Название | «The Coliseum» (Колизей). Часть 2 |
---|---|
Автор произведения | Михаил Сергеев |
Жанр | Социальная фантастика |
Серия | |
Издательство | Социальная фантастика |
Год выпуска | 2018 |
isbn | 978-5-00095-454-6 |
– Я имею в виду женщин, которые планируют замужество более чем на год.
Соседка недобро усмехнулась:
– Возможно, это рациональнее, однако позиция имеет минус – распустить недолго.
– Это как доведется.
– Ну, я-то ставлю пресс. Усугубляю вину. Так руки заламываю… Чехов отдыхает!

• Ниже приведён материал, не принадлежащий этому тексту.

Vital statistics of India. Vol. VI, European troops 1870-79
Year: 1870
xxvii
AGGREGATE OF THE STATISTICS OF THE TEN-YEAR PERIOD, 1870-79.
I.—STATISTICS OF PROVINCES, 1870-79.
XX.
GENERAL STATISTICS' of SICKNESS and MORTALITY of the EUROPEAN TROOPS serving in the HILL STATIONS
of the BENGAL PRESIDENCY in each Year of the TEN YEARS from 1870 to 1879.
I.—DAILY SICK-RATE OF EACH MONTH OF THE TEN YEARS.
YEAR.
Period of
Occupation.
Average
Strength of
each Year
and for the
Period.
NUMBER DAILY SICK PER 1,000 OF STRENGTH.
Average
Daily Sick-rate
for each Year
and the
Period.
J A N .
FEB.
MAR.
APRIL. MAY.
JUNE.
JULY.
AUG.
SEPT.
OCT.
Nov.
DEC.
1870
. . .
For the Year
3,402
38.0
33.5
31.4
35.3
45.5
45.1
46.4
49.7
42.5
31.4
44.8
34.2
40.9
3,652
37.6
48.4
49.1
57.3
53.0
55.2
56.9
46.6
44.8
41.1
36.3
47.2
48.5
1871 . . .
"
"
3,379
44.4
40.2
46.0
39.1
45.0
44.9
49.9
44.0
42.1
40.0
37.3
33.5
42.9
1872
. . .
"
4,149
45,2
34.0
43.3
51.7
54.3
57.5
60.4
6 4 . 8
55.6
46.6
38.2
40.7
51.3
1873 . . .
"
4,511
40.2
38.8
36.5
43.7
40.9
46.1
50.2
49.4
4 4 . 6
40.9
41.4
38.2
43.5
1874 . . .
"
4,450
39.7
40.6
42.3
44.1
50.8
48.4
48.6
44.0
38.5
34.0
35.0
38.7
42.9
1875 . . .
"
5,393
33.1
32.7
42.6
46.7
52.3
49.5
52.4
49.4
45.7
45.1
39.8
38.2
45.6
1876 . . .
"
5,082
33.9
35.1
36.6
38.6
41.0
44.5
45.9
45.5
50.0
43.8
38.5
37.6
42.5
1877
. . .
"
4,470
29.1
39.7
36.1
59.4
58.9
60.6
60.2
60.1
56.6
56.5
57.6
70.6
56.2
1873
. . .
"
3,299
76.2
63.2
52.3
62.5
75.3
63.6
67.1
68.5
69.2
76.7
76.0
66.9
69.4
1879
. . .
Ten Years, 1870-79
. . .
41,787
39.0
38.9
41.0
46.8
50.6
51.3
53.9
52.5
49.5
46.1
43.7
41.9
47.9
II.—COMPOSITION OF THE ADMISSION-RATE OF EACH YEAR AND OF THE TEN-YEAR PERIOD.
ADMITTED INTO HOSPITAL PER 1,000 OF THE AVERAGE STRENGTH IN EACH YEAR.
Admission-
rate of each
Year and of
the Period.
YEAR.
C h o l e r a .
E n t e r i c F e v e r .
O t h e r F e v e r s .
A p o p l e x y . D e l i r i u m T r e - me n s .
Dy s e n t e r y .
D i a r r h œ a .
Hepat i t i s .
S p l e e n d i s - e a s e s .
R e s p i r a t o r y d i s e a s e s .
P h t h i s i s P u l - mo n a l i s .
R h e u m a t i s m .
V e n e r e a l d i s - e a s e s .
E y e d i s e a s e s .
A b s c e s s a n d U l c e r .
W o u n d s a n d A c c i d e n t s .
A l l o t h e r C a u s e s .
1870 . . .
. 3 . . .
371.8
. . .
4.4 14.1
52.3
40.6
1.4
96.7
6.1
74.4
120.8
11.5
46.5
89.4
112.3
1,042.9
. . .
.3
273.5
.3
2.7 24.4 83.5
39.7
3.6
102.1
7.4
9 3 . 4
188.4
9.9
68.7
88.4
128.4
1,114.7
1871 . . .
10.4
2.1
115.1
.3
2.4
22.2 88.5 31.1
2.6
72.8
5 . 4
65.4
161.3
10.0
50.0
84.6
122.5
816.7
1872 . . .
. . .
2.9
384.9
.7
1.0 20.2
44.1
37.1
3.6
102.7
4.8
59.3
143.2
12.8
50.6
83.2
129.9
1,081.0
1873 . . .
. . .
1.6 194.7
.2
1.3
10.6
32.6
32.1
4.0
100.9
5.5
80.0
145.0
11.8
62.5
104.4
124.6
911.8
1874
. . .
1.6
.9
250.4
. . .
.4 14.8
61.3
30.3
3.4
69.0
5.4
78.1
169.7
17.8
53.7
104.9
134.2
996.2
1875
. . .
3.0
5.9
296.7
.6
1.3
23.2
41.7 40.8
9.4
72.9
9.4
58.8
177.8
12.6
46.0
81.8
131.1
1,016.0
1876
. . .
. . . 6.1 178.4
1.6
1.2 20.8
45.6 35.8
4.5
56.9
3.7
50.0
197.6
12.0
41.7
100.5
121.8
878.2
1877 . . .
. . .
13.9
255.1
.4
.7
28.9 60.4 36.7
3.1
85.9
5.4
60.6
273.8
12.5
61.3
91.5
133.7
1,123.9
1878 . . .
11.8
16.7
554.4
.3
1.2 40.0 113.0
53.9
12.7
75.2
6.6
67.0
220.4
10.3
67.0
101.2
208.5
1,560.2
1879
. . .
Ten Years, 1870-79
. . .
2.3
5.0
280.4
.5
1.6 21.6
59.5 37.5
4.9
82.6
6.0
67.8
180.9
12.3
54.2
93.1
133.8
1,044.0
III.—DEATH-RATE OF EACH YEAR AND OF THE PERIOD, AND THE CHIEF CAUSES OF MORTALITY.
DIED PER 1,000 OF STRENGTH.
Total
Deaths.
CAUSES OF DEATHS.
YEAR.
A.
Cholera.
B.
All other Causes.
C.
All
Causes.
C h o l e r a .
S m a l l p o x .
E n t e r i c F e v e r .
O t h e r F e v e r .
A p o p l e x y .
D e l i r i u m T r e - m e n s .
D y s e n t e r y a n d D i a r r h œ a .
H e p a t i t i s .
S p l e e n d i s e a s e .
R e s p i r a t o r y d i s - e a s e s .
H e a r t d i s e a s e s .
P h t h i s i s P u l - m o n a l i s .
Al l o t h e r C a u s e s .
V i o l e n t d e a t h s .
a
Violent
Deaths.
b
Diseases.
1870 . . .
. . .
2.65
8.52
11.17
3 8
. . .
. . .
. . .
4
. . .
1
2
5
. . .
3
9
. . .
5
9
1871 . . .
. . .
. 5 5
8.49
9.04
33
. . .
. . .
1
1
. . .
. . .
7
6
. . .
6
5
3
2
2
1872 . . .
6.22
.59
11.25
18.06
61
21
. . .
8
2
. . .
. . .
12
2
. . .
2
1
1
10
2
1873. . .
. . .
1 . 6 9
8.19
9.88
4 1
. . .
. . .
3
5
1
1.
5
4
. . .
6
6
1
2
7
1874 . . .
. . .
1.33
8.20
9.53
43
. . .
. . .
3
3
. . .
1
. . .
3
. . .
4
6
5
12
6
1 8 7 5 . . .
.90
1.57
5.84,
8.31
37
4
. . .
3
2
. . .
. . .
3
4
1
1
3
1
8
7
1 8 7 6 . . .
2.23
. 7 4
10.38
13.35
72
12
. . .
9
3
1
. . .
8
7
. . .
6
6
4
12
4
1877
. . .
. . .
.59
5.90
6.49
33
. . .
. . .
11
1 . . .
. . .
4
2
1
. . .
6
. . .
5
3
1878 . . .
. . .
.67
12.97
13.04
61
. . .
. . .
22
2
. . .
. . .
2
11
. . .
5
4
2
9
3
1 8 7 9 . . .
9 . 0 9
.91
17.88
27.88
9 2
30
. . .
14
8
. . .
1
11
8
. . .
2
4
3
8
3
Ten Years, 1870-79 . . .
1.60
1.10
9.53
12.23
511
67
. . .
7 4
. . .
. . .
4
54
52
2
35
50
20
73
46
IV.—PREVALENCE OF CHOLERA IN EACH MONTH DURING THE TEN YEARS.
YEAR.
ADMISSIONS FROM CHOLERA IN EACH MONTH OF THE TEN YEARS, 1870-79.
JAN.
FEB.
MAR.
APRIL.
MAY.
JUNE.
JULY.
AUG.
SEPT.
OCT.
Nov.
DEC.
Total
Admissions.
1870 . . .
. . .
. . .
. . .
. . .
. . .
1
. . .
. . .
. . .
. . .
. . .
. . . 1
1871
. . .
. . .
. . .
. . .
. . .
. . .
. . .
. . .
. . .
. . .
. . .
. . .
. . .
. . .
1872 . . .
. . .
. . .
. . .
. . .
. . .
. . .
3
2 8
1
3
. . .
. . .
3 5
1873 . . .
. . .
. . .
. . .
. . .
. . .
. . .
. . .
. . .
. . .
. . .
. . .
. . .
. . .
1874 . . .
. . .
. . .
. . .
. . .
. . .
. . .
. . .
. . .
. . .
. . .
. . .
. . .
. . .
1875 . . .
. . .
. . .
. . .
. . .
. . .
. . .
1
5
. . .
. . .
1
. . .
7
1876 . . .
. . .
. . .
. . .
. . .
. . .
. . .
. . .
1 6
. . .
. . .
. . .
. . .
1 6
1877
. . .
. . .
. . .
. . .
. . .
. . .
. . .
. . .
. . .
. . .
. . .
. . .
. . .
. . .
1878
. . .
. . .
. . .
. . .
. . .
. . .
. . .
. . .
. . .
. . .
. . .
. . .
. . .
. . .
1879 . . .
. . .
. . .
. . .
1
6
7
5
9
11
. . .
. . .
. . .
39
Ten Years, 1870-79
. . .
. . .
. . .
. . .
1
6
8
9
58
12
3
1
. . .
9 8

– Да брось ты, Галь. Какой там Чехов. Я ни в нем, ни в поведении Самсонова драматургии не вижу. В первом – нет, во втором – предсказуемо и пошло, чего уж там. Больше тянет на болезнь, чем на желание… причинить боль. Проще всё – держит его привычка, не отпускает… и вижу – рвется, да не выходит… потому и прощаю, как Ермолова.
– Ермолова? – Галина пропустила вывод. – Просвети-ка, милая, – ей нравилась «замороченность» простоватой с виду коллеги на вещах малоизвестных. Отхлебнув кофе, она хитро глянула на собеседницу.
– Была такая прима на русской сцене, – Людмила взяла салфетку.
– Уж наслышаны… Станиславский называл ее величайшей из актрис. Знакома с фактом? – Галина Андреевна любила уколоть.
– Так вот, она никогда не играла Чехова. Ничего из его пьес, – Людмила простила.
– Не устраивала драматургия? – хитринка дополнилась поджатой губой.
– Где ты видишь там драматургию? Я же сказала. Только «Дядя Ваня». Думаю этой пьесы одной хватило бы, чтобы признать Чехова драматургом. Остальное… дань чему-то другому. Превратили хорошего прозаика в идола чуждого ему жанра. Вот и всё. И Ермолова, в отличие от нас, поступила честно.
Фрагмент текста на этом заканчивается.